Sign the lease as the entity, have the owner sign the guaranty in the same envelope, and get a clean executed copy for the company file and the lender.

Property management firms

Standardize your lease and rider set as reusable templates and send a new one in minutes as spaces turn over across a portfolio.

Retail and restaurant operators

Close a build-to-suit or in-line retail lease with the personal guaranty and TI exhibit attached, all signed before the buildout starts.

Commercial lease e-signature questions

Can a commercial lease be signed electronically?

Yes. A commercial lease is a contract between businesses, so electronic signatures on it are valid and enforceable under the federal ESIGN Act and state UETA laws, the same as ink, and no notary is required to execute a standard lease. The audit certificate that records who signed, when, and which version is the proof that holds up if a dispute arises.

Does a commercial lease need to be notarized?

Usually no. A standard commercial lease is enforceable when the parties sign it, with no notarization required. A few situations differ, such as a long-term ground lease or a memorandum of lease that gets recorded in the county land records, which can carry notarization or recording formalities. Confirm those specific cases with counsel for your state.

Who signs a commercial lease?

A commercial lease is signed by the landlord and the tenant. Because the tenant is usually a business entity, an authorized officer or member signs on its behalf. Many landlords also require a personal guaranty, which the business owner signs individually, and the landlord's lender may require an estoppel or SNDA that adds signers.

What is a personal guaranty on a commercial lease?

A personal guaranty is a separate promise, signed by an individual, to cover the tenant's obligations if the business entity fails to pay. Landlords use it because a new or small entity has limited assets. It makes the owner personally liable, so it should be a distinct, clearly labeled signature, not buried inside the tenant's signature block.

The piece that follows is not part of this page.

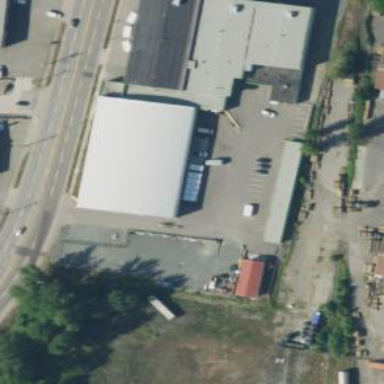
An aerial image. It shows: Industrial building that functions as warehouse for storage rental.
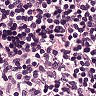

What is a triple net (NNN) commercial lease?

A triple net lease is a commercial lease in which the tenant pays base rent plus the three nets: property taxes, building insurance, and common area maintenance. It shifts the operating costs of the property from the landlord to the tenant. Gross leases bundle those costs into the rent instead, and modified gross leases split them.

Can I send a commercial lease and its guaranty in one envelope?

Yes. With SignSend you upload the lease, the personal guaranty, and any riders or exhibits into a single envelope, assign each signature block to the right party, and set the signing order. Every party signs the same final version in one pass, and you get one executed PDF with an audit certificate covering the whole package.